Value-added modeling (VAM) is touted as a way to evaluate schools and teachers scientifically and fairly. Value-added models appear to address some concerns with comparing difference among students growth, however there are serious methodological problems with the reliability and validity of these measures (Amrein-Beardsley, 2008). John Ewing, president of Math for America, recently wrote of his concern about the mathematics of value-added modeling being used as a rhetorical weapon to convince others of the objectivity and value of its findings (2011).
VAM sounds deceptively scientific, simple and straightforward: compare the results of different treatments to see which is most effective or adds the most value to the variable in question. Even when the variable of study is a drug treatment, something that is clearly controllable and measurable, many factors can affect the results, such as the commonly recognized and experienced placebo effect in which those who were part of the experiment got better even when they did not receive any treatment.
When it comes to student learning, the variables and treatments are so numerous, nuanced, intricate, interconnected, complicated and uncontrollable that it should be obvious that making conclusions on them is unreasonable. Some problems include the contamination, corruption and limitations of the data. For example, some classrooms will have a 100% turnover of students in one academic year. Even in classrooms with less, the various issues that arise with the coming and going of students are significant.
The other variables such as class size, learning resources, school conditions, personal safety, home conditions and social environments can make a big difference in student learning. For example, students in a small class with adequate resource in a high achieving school whose needs are meet and who are cared for by families, communities and peers with high expectations will likely do better than those who do not have these things, even if they had the same teacher. Is the teacher to be blamed?
Even if the test were fair, the question remains as to who evaluates those teachers who are not teaching the subjects tested, which are most of the teachers in the upper grades. It is rare, even in elementary schools, to have only one teacher for all subjects. Who do you blame in this situation? What about those teachers whose tests scores say they are not doing a good job, when our experience and common sense tells us they are? The harm done to individual teachers is evident, but what about schools, programs and teaching methodologies that get unfairly rated low based on poorly designed studies. We are currently making policy decisions based on these limited and misapplied approaches, such as VAM, that will influence education for years to come.
Leading educational researchers in the United States collaborated on a paper for the Economic Policy Institute Research in Washington D.C. entitled Problems with the Use of Student Test Scores to Evaluate Teachers field (Baker, Barton, Darling-Hammond, Haertel, Ladd, Linn, Ravitch, Rothstein, Shavelson, & Shepard, 2010). In that paper, they reported on research studies using VAM. In several studies, VAM found teachers’ effectiveness ratings of one year varied dramatically the following year. For example, one study where teachers were ranked in the top 20% of effectiveness the first year, less than a third remained in that group the second year and a third moved to the bottom 40%. Another study found only 4-16% predication rate for teacher effectiveness ratings from one year to the next.

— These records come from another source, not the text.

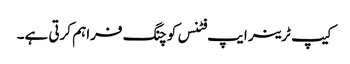
کیپ ٹرینر ایپ فٹنس کوچنگ فراہم کرتی ہے۔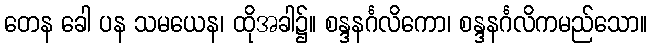
တေန ခေါ ပန သမယေန၊ ထိုအခါ၌။ စန္ဒနင်္ဂလိကော၊ စန္ဒနင်္ဂလိကမည်သော။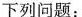
下列问题：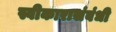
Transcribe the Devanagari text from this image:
स्वीकारासंबंधी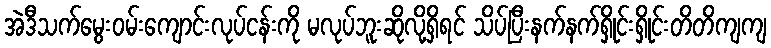
အဲဒီသက်မွေးဝမ်းကျောင်းလုပ်ငန်းကို မလုပ်ဘူးဆိုလို့ရှိရင် သိပ်ပြီးနက်နက်ရှိုင်းရှိုင်းတိတိကျကျ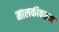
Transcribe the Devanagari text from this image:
मालकीवरून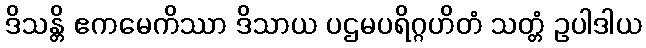
ဒိသန္တိ ဧကမေကိဿာ ဒိသာယ ပဌမပရိဂ္ဂဟိတံ သတ္တံ ဥပါဒါယ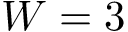
W = 3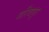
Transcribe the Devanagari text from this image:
गरिबपुर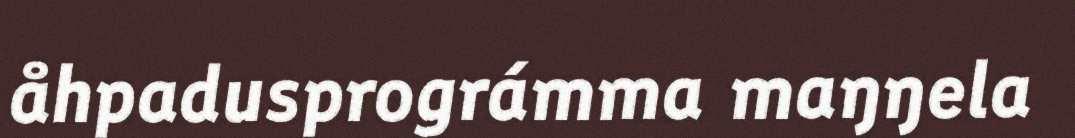
åhpadusprográmma maŋŋela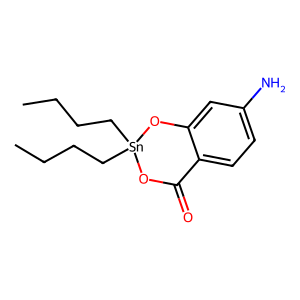
SMILES: CCCC[Sn]1(CCCC)OC(=O)c2ccc(N)cc2O1
Inhibits HIV replication: No

We would not expect the effectiveness of a teacher to vary so much from year to year, which strongly suggests the tests are not measuring teacher effectiveness (Baker, et al., 2010).
When it comes to using these tests and value-added models for teacher accountability, it is safe to say, “The research base is currently insufficient to support the use of VAM for high stakes decisions” (McCaffrey, Koretz, Lockwood, & Hamilton, 2003, xx). Not only are there serious problems with the methodology of VAM, there are significant concerns about the high stakes test used to determine effectiveness. Though scholars acknowledged that VAM approaches are fairer and stronger than previous ones, they stated,
Nonetheless, there is broad agreement among statisticians, psychometricians, and economists that student test scores alone are not sufficiently reliable and valid indicators of teacher effectiveness to be used in high-stakes personnel decisions, even when the most sophisticated statistical applications such as value-added modeling are employed. (Baker, et al., 2010, p. 2)
The National Academy of Sciences National Research Council Board on Testing and Assessment stated “VAM estimates of teacher effectiveness should not be used to make operational decisions because such estimates are far too unstable to be considered fair or reliable” (cited in Baker, et al., 2010, p. 2).